▸ **About this task**: When you reach a picture, pass over it; otherwise repeat the listing word for word.

==== Supplied records

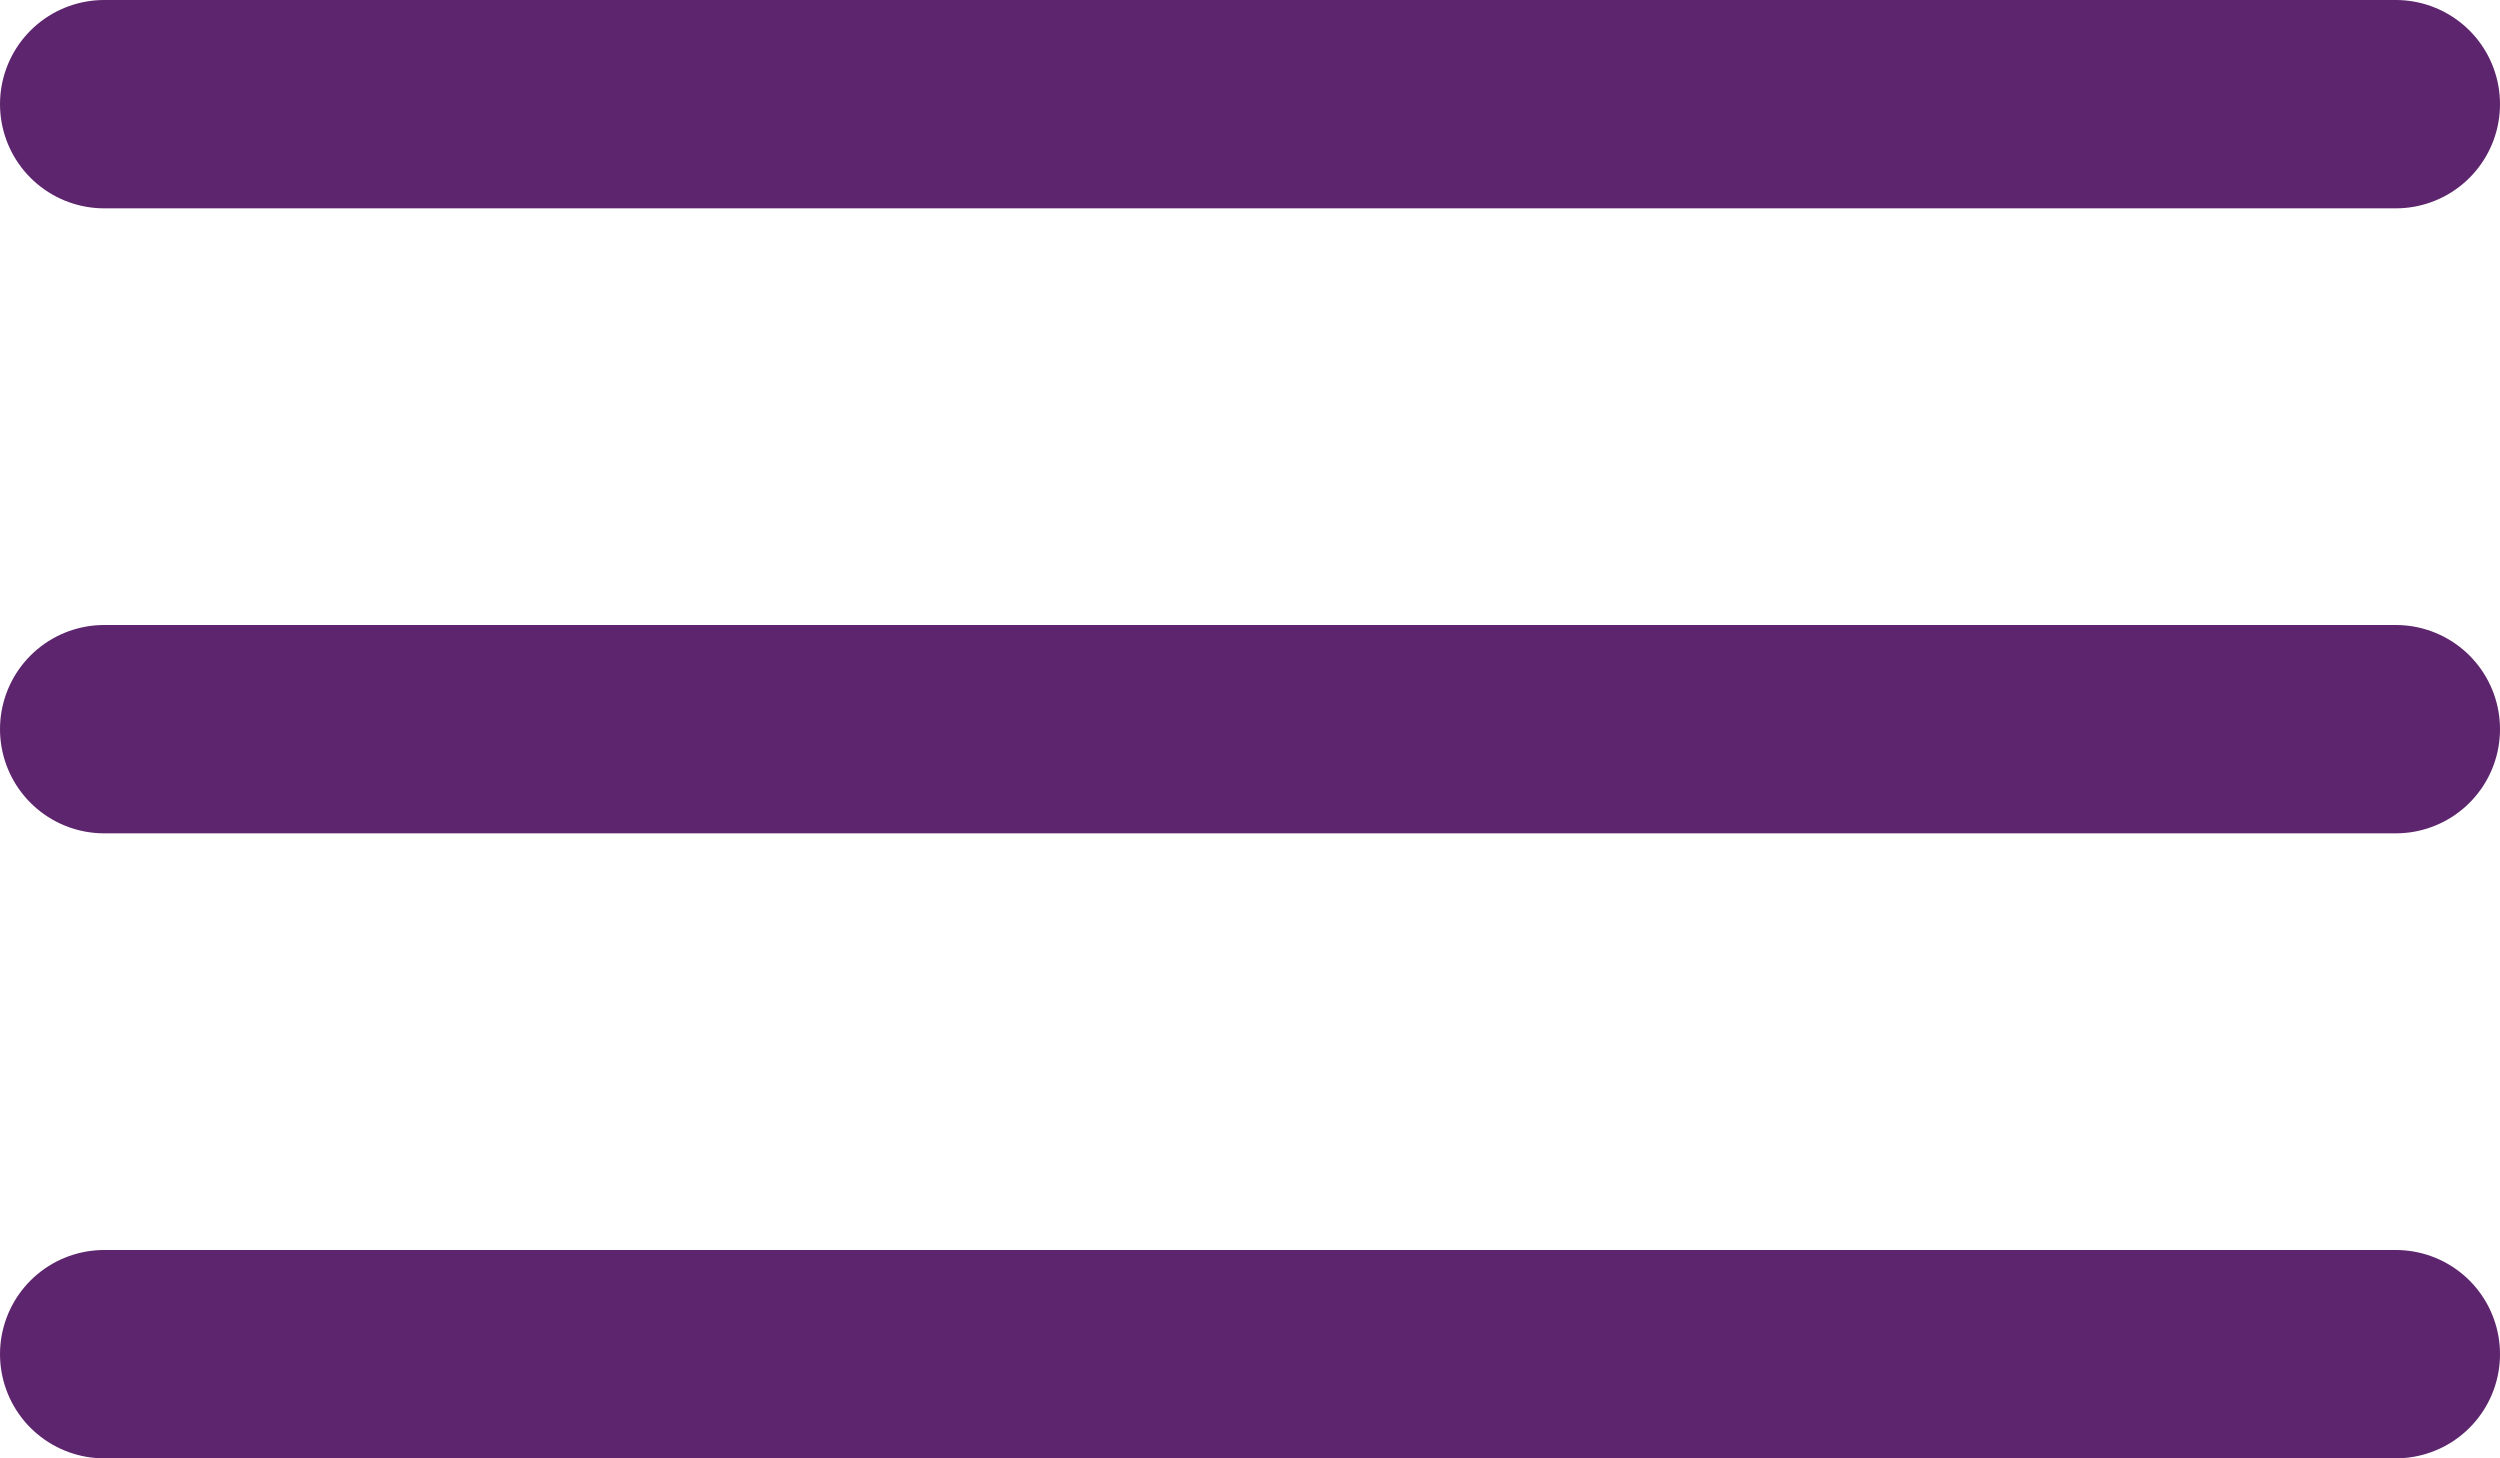 <svg xmlns="http://www.w3.org/2000/svg" width="24" height="14" viewBox="0 0 24 14">
  <g id="icon-hamburger" transform="translate(1 1)">
    <line id="Line_151" data-name="Line 151" x2="22" fill="none" stroke="#5d256d" stroke-linecap="round" stroke-width="2"/>
    <line id="Line_151-2" data-name="Line 151" x2="22" transform="translate(0 6)" fill="none" stroke="#5d256d" stroke-linecap="round" stroke-width="2"/>
    <line id="Line_151-3" data-name="Line 151" x2="22" transform="translate(0 12)" fill="none" stroke="#5d256d" stroke-linecap="round" stroke-width="2"/>
  </g>
</svg>

========

▸ **Response to this task**:
 <svg xmlns="http://www.w3.org/2000/svg" width="24" height="14" viewBox="0 0 24 14">
  <g id="icon-hamburger" transform="translate(1 1)">
    <line id="Line_151" data-name="Line 151" x2="22" fill="none" stroke="#5d256d" stroke-linecap="round" stroke-width="2"/>
    <line id="Line_151-2" data-name="Line 151" x2="22" transform="translate(0 6)" fill="none" stroke="#5d256d" stroke-linecap="round" stroke-width="2"/>
    <line id="Line_151-3" data-name="Line 151" x2="22" transform="translate(0 12)" fill="none" stroke="#5d256d" stroke-linecap="round" stroke-width="2"/>
  </g>
</svg>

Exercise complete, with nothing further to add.